Magari non diventeranno dei provetti nuotatori. Però questa esperienza gli sta insegnando che per ottenere risultati ci vuole pazienza. Che non bisogna mollare alla prima difficoltà. Che si può giudicare qualcosa solo quando la si è vissuta fino in fondo.

Credetemi, non è cosa da poco.

La Bubi va in piscina

Se io amo l’acqua, l’amerà anche lei.

Ho iscritto la Bubi ad un corso di acquaticità. A quelli a cui di solito si portano i neonati.

Avevo fatto un tentativo a cinque mesi. Ma che volete. Il cloro le faceva esplodere la dermatite. Lo sbalzo di temperatura le scatenava la bronchite. Ho rinunciato.

Complice la maternità, ci ho riprovato quest’anno. Ovviamente mi son presa tardi e i corsi riservati ai duenni erano ormai pieni. Ho scoperto solo dopo che è stato meglio così. I coetanei della Bubi già si lanciano in tuffi carpiati dal bordo.

Lei, l’acqua, la odia.

Però l’avevo pensata proprio bene. Doveva essere un momento piacevole e sereno, un paio d’ore solo io e lei. Per me la piscina ha il sapore inconfondibile delle pizzette del bar che ci divoravamo a fine lezione, soddisfatti e felici. Volevo creare anche per lei un piccolo rituale. Il succo di frutta mentre ci si asciuga i capelli, la banana e i Pavesini una volta usciti, mentre si chiacchiera delle imprese compiute in acqua.

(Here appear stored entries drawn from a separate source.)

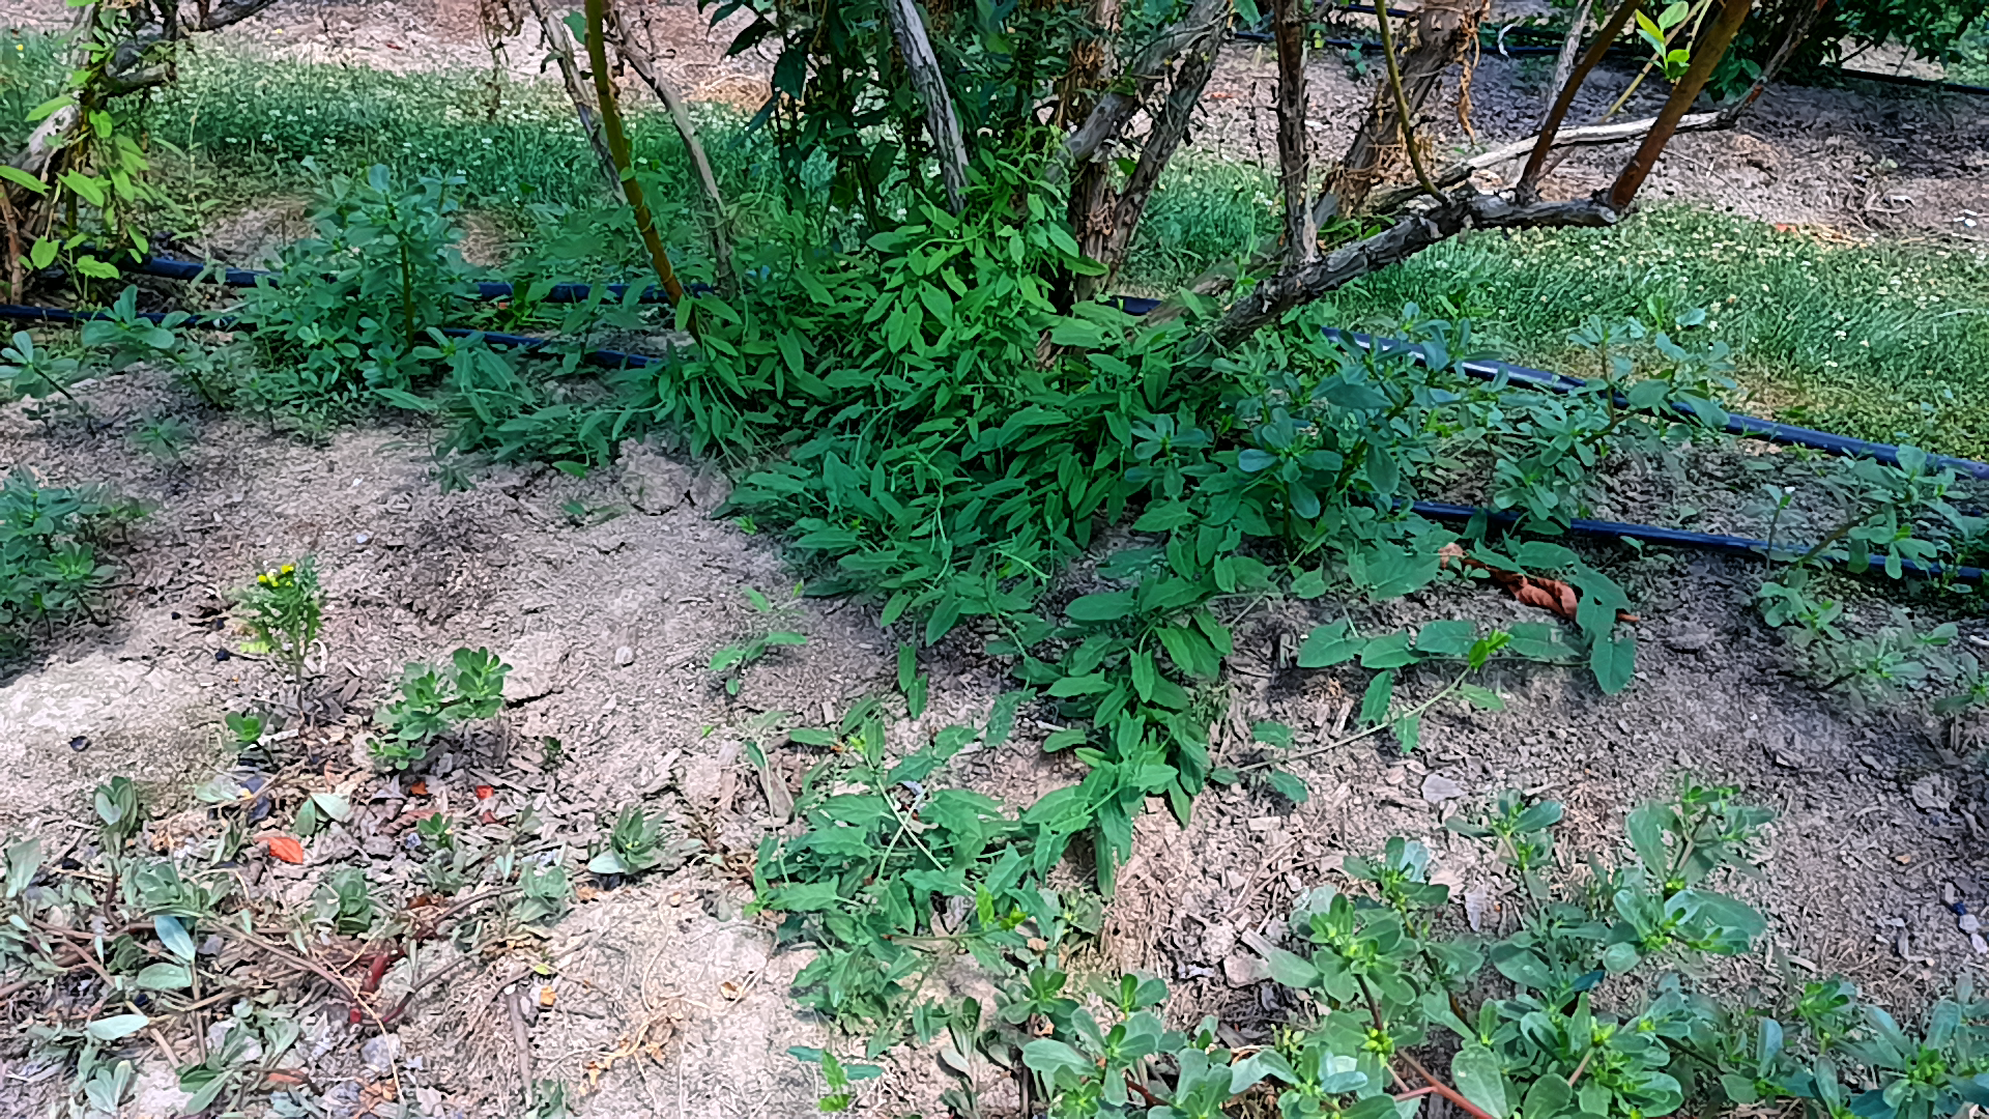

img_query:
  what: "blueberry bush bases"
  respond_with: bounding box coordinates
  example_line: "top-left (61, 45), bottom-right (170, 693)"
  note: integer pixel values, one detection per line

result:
top-left (616, 144), bottom-right (1386, 589)
top-left (0, 65), bottom-right (205, 363)
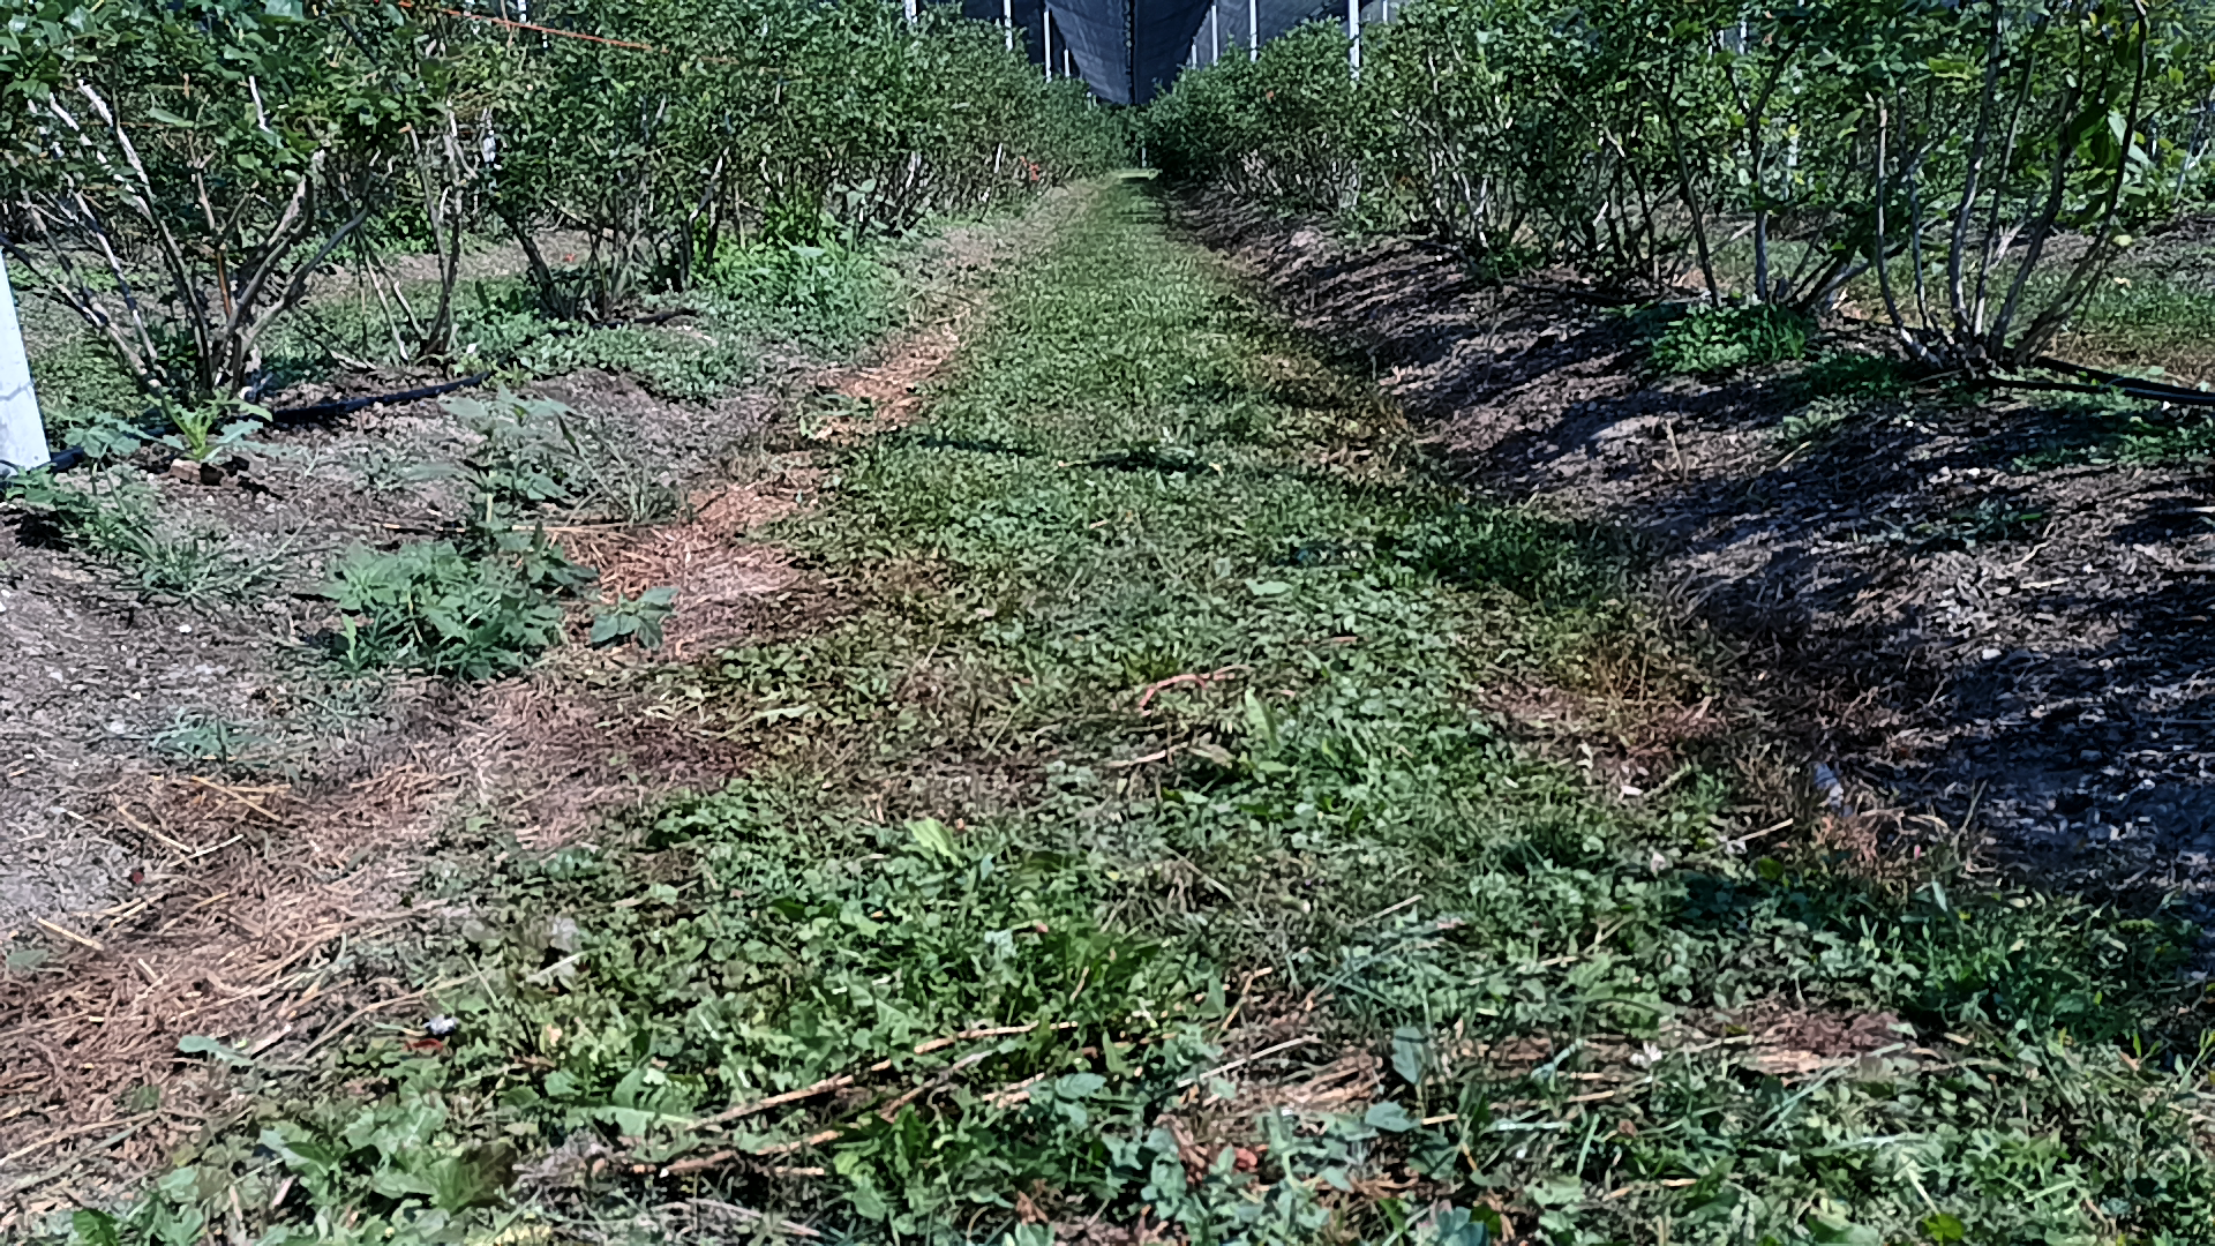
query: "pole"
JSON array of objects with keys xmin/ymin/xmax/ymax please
[{"xmin": 2, "ymin": 270, "xmax": 51, "ymax": 494}]
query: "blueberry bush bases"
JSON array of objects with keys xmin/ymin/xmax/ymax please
[
  {"xmin": 82, "ymin": 279, "xmax": 308, "ymax": 459},
  {"xmin": 1583, "ymin": 208, "xmax": 1669, "ymax": 308},
  {"xmin": 1419, "ymin": 185, "xmax": 1541, "ymax": 285},
  {"xmin": 521, "ymin": 245, "xmax": 700, "ymax": 367},
  {"xmin": 1688, "ymin": 233, "xmax": 1840, "ymax": 359},
  {"xmin": 1863, "ymin": 255, "xmax": 2112, "ymax": 425},
  {"xmin": 652, "ymin": 229, "xmax": 735, "ymax": 307},
  {"xmin": 326, "ymin": 293, "xmax": 507, "ymax": 407}
]
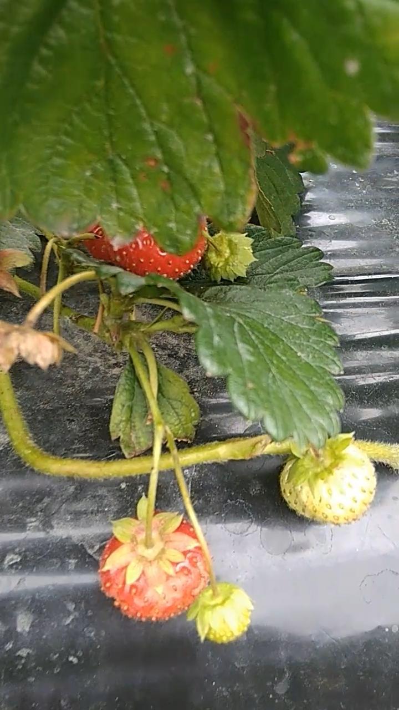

Questo rituale le è piaciuto moltissimo. Anche troppo.

Dopo soli cinque minuti in vasca, inizia la cantilena: “Usciamo, mamma? Voglio il succo. Voglio la banana e i biscotti”.

E io, ostinata: “Dai guarda che bel gioco quello”.

Un neonato di cinque mesi lo puoi anche cacciare a testa sotto senza che se ne accorga. Una bimba di due anni coglie le tue intenzioni prima ancora di cominciare. Appena le maestre si avvicinano per approcciare qualche esercizio, la Bubi si irrigidisce e mi si aggrappa come un koala al suo eucaliptus.

“Usciamo mamma?”

Finire la lezione diventa un’impresa. Come anche cercare di evitare lo sguardo accusatorio delle maestre.

“Usciamo mamma?”

Fuori dalla vasca mi aspettano, nell’ordine. La fila per la doccia. Le urla a duemila decibel della Bubi mentre cerco di lavarle i capelli. Il caldo tropicale nello spogliatoio stipato di mamme agitate e bambini stanchi.

A casa mi aspetta un Patato arrabbiatissimo perché il biberon che avevo lasciato al nonno non è esattamente come la tettina della mami. E la sera, inconfondibile, quell’orrenda sensazione di ingorgo mammario. Chiaro, il Patato ha saltato una poppata, il latte si intasa.

Ma io persevero. L’acqua prima o poi le piacerà. Deve piacerle.